BOSTON—IT giants Cisco Systems and Microsoft revealed specific results Sept. 6 of the companies work to lend interoperability to their individual network security technologies, moving forward their effort to align products that was announced almost two years ago.
At the Security Standard Conference being held here through Sept. 7, the two massive industry players said they have completed the technological tinkering necessary to allow San Jose, Calif.-based Ciscos NAC (Network Admission Control) security architecture to work alongside Microsofts NAP (Network Access Protection) offering.

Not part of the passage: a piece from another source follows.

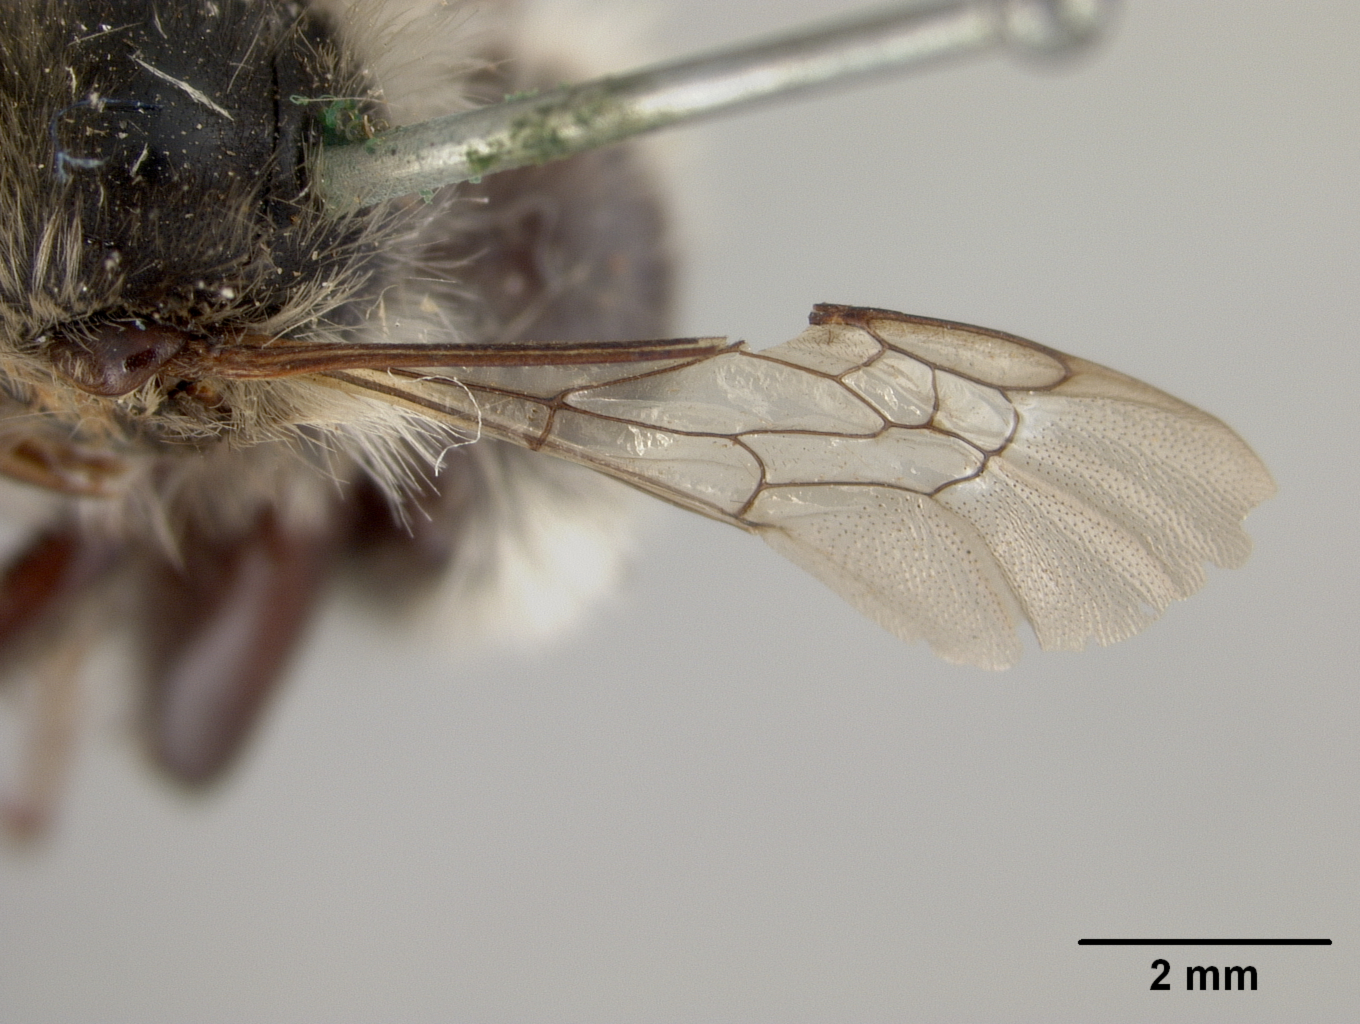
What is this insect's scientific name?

Both technologies are meant to help companies improve network security by allowing them to further track and verify specific details of individual devices and end users who attempt to access corporate systems.
First announced in October 2004, the partnership is aimed at quelling concerns expressed by the partners common customers over their ability to support NAC and NAP simultaneously, Cisco and Microsoft executives admitted. End-user organizations have feared that, if such an effort were not launched and consummated by the vendors, they would be forced to abandon one of the technologies in favor of the other, the companies said.

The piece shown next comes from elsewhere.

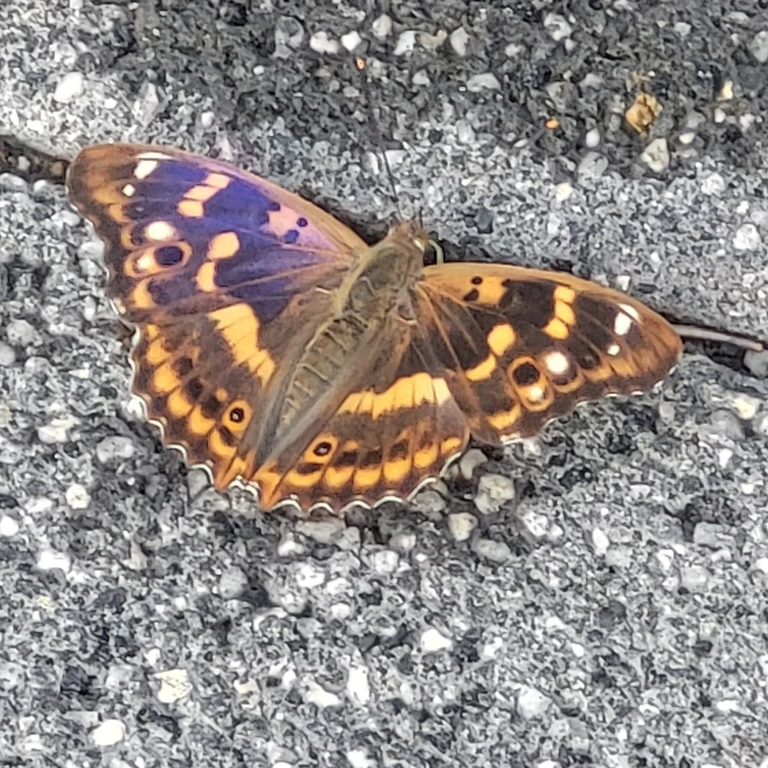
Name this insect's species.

Among the benefits promoted by the partners as a result of their work will be customers ability to choose among individual components and infrastructure templates present in NAC and NAP, allowing them to piece together various elements of the two systems to help address their specific needs in a single, interoperable network, company officials said. The effort also promises to allow customers to continue to use any existing NAC and NAP products they have already adopted without modifying those technologies significantly.
In addition, the companies said they have created a single software agent to be included in Microsofts Windows Vista, due in November, that will allow computers running the operating system, or the companys Windows Server Longhorn package, to include NAPs central agent component as part of the products core operating system, which will be used for both the Cisco and Microsoft technologies.

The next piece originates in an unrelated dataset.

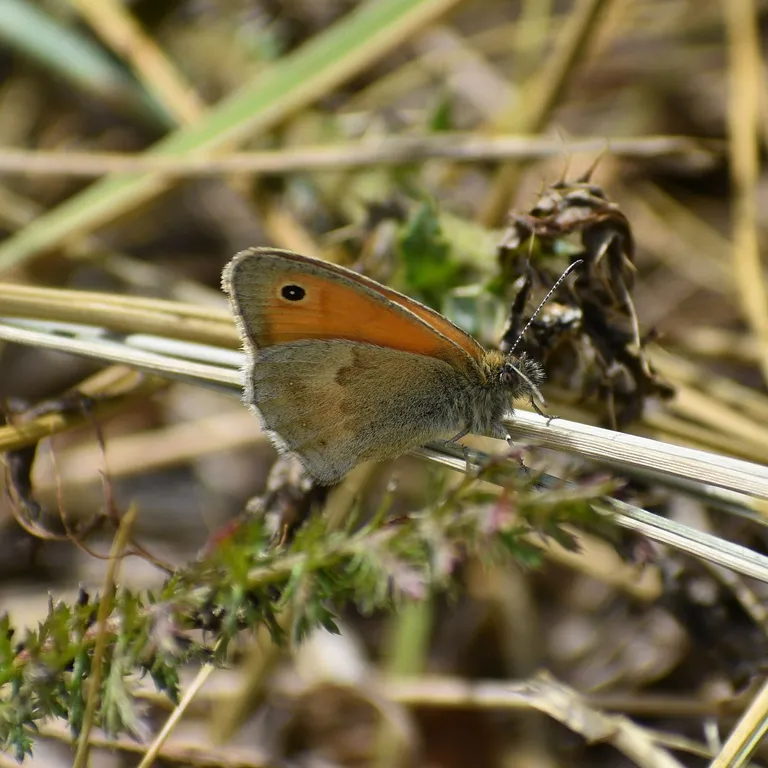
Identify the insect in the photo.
Coenonympha pamphilus

The partners have also launched an effort to simplify the development of third-party software designed for businesses running Vista, through which the NAP clients APIs will serve as the single programmatic interface used for reporting the performance of both NAC and NAP systems.
Other milestones achieved by the companies include added support for operating systems other than Windows for use alongside NAP and NAC, and new joint software agent distribution and update capabilities.
The companies said that they will release a beta version of the interoperability package to a select group of customers before the end of 2006, and that the tools will officially arrive as part of Microsofts Windows Server Longhorn software launch at the end of 2007.
“Were giving our customers the choice to enable their own functions and policies; our job is to provide this integration and interoperability so that customers can figure out how they want to implement these technologies for themselves,” said Bob Gleichauf, chief technology officer for Ciscos Security Technology Group. “Customers who are already deploying NAC infrastructure from Cisco will be able to use those products as part of this interoperability without changing anything; we worked hard to make sure that existing investments could be reused.”
Executives at the two companies said that the technological work to complete the integration and interoperability support was less arduous than completing a cross-licensing agreement, signed roughly one year ago, that allowed the firms to begin digging into the project in earnest. Another issue was finding sufficient engineering expertise within the two firms to contribute to the effort.
“In this case, two engineering companies came up with very similar answers to the same problems, and once we had the head count in place we were able to move forward quickly,” said Mark Ashida, general manager of Enterprise Networking Servers at Microsoft. “Customers who have been waiting to invest in NAP and NAC out of concern over whether or when we would get this done should be encouraged by the flexibility this work together will offer.”